Daniel Gündel et al, Pharmaceuticals, 2022

Summary                         

The cerebral expression of the A2A adenosine receptor (A2AAR) is altered in neurodegenerative diseases such as Parkinson’s (PD) and Huntington’s (HD) diseases, making these receptors an attractive diagnostic and therapeutic target. The aim of this study was to further investigate the pharmacokinetic properties in the brain of the recently developed A2AAR–specific antagonist radiotracer [18F]FLUDA. For this purpose, dynamic PET studies of healthy mice and rotenone–treated mice (rotenone-induced PD group) were analysed retrospectively, and dynamic PET studies with healthy pigs were also conducted. Mouse brain time–activity curves were analysed to calculate the mean residence time (MRT) by non–compartmental analysis. Binding potential (BPND) of [18F]FLUDA was evaluated using the simplified reference tissue model (SRTM). For the pig studies, a Logan graphical analysis was performed to calculate the radiotracer distribution volume (VT) at baseline and under blocking conditions with tozadenant (A2AAR antagonist). The MRT of [18F]FLUDA in the striatum of mice was decreased by 30% after treatment with the istradefylline (another A2AAR antagonist). Mouse results showed the highest BPND (3.9 to 5.9) in the striatum. SRTM analysis showed a 20% lower A2AAR availability in the rotenone–treated mice compared to the control–aged group. Tozadenant treatment significantly decreased the VT (14.6 vs. 8.5 mL / g) and BPND values (1.3 vs. 0.3) in pig striatum. This study confirms the target specificity and a high BPND of [18F]FLUDA in the striatum. In conclusion, [18F]FLUDA is a suitable tool for the non–invasive quantitation of altered A2AAR expression in neurodegenerative diseases such as PD and HD, by PET.

Results from nanoScan® PET/MRI

Wild–type C57BL/6JRj mice were divided into two groups and treated five days a week for two months either with vehicle (control group) or with rotenon (treatment group; 5 mg/kg daily dose). The CD–1 mice were divided into three groups: a baseline group with intravenous vehicle injection and a pre–treatment group with a blocking agent administered by intravenous injection (istradefylline, 1.0 mg/kg or tozadenant, 2.5 mg/kg) eight or fifteen minutes prior to radiotracer injection. The animals received an injection of [18F]FLUDA into a tail vein (3.1–9.7 MBq in 150 µL, for CD–1 mice; 3.7–8.2 MBq in 150 µL for C57BL/6JRj mice). A 60 min PET/MR scan was initiated (Mediso nanoScan®, Budapest, Hungary) at the time of tracer injection. Subsequently, a T1–weighted gradient–echo sequence (GRE, repetition time = 20 ms, echo time = 6.4 ms) was performed for whole body attenuation correction and anatomical orientation. Additionally, PET data were corrected for random coincidences, dead time, and scatter. The list mode data were sorted into sinograms using a framing scheme of 12 x 10 s, 6 x 30 s, 5 x 60 s, 10 x 300 s. The reconstruction parameters were the following: 3D–ordered subset expectation maximization (OSEM), four iterations, six subsets, energy window = 400–600 keV, coincidence mode = 1–5.

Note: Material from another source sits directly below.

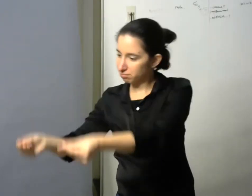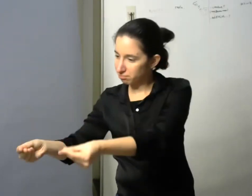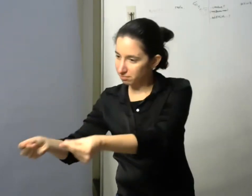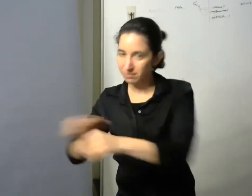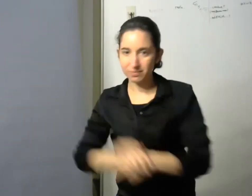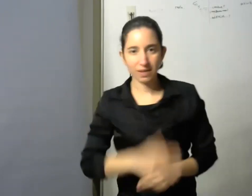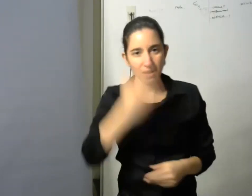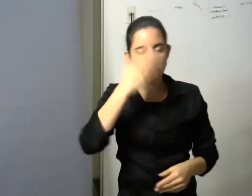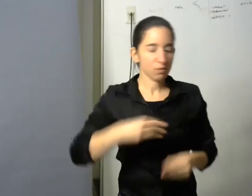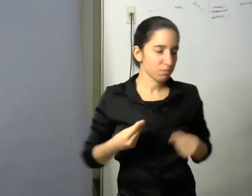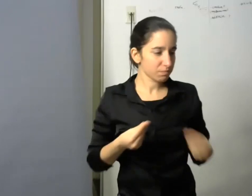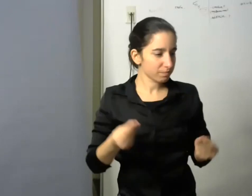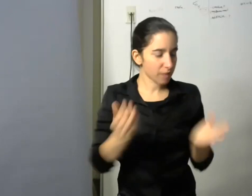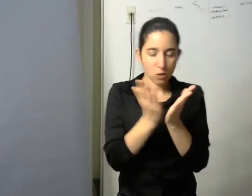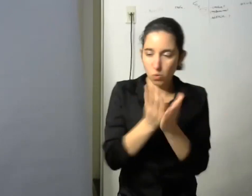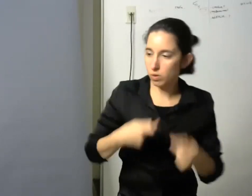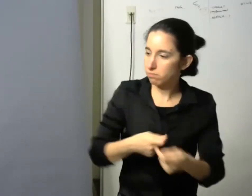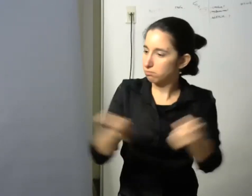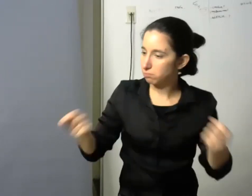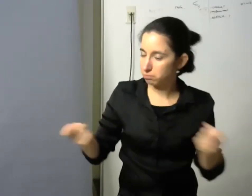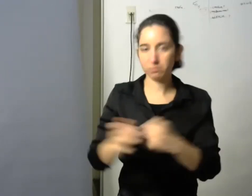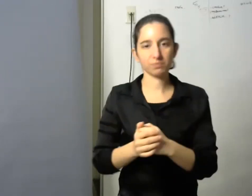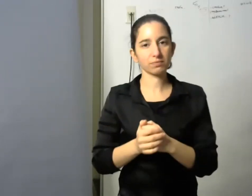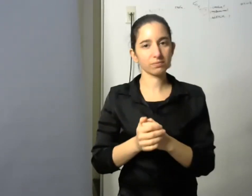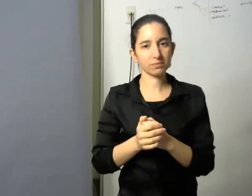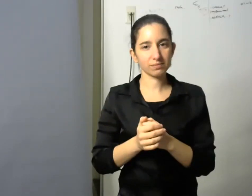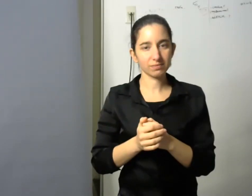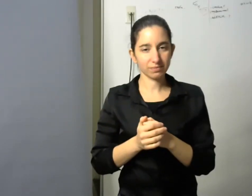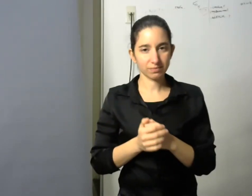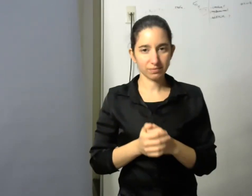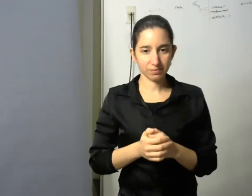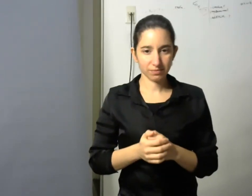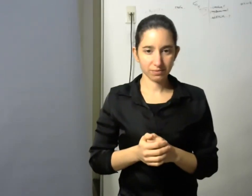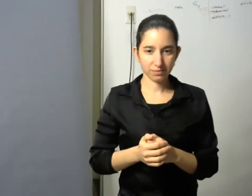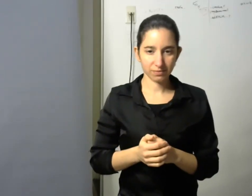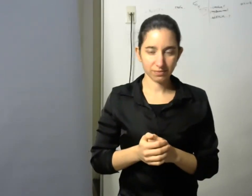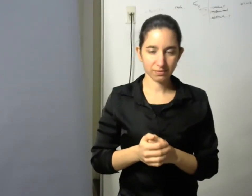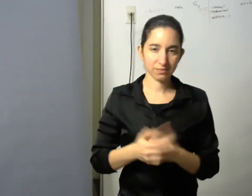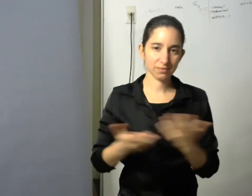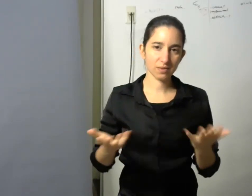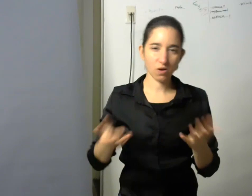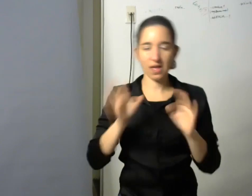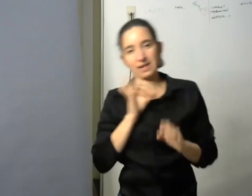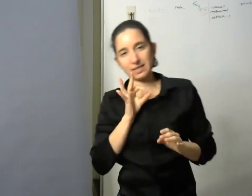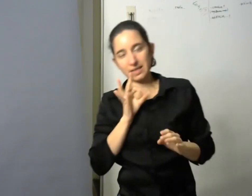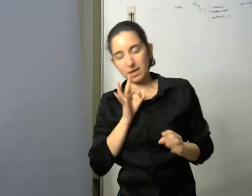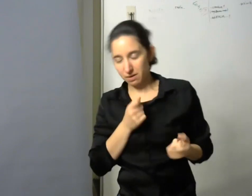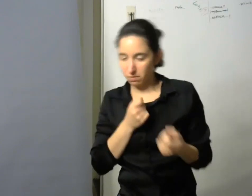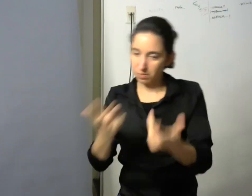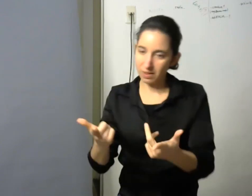que pudieran estudiar finales en parciales o sea que mi postura allí

Brain volume of interest (VOI) analysis for mouse experiments were performed with PMOD software. Kinetic analysis revealed that:

  • treatment with istradefylline, but not tozadenant, significantly reduced the area under the curve (AUC) in the murine striatum
  • pre–treatment with tozadenant was without effect on the kinetic parameters calculated for the target region striatum or for the reference region cerebellum

  • in contrast, the pre–treatment with istradefylline tended to shorten the time–to–peak and to diminish the TAC peak value in the striatum to a level comparable with the values in the cerebellum. Hence, the mean residence time (MRT) was significantly reduced in the striatum. pre–administration of istradefylline did not alter the MRTs in the cerebellum, validating its use as a reference region.

  • mean parametric BPND maps showed high total binding of [18F]FLUDA in the mouse striatum and a complete blocking by pre–treatment with istradefylline; the striatal BPND declined from 3.9 ± 1.2 to zero.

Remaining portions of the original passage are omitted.